主人公は、自分の余命があとわずかだと知った作家のルイ。自分の死を伝えるために、12年ぶりに家族のもとに帰るところから映画は始まります。ルイを迎えたのは、息子との再会に胸を躍らせる母親と、憧れの兄の帰宅に興奮気味の年の離れた妹、粗野で威圧的な兄と、口下手な兄嫁。それぞれ言いたいことがあるのに上手く言葉にすることができず、無闇にハイテンションな会話と不穏な沈黙、神経を逆なでするような無益な言い争いを繰り返します。
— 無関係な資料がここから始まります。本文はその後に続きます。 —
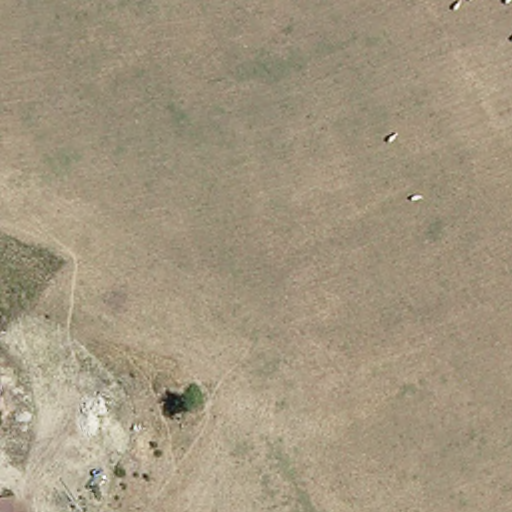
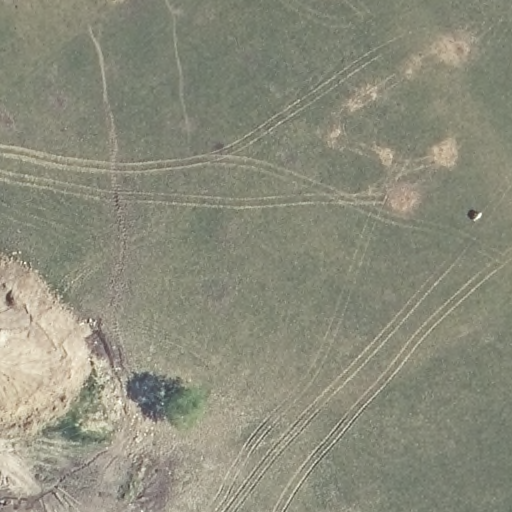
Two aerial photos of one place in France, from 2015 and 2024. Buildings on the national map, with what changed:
unchanged [(2,512),(0,512),(0,505),(2,512)]

19歳で世に送り出した初監督作『マイ・マザー』(2009年)が絶賛され、一躍映画界の寵児となったグザヴィエ・ドラン。時に過剰なほどエモーショナルな映像演出や大胆な音楽の使い方でその才気を見せつけながらも、実はとても普遍的な人間の葛藤を扱っていることで、多くの観客の共感(と拒絶も)を獲得してきました。

母の口元についたクリームで表現した親子の愛憎

俳優の父に持ち、幼い頃から子役として活躍。10代から映画づくりを始めたドランは、その研ぎ澄まされた感性を武器に、自分が見て・感じた世界を物差しにして作品を作ってきました。彼が描くのは、母親と息子の愛憎、ゲイというセクシャリティ、マイノリティであることの疎外感、愛されることへの渇望。とりわけ、それが主題であるか背景であるかの差はあるものの、一貫して母親と息子の関係を扱っているのが特徴的です。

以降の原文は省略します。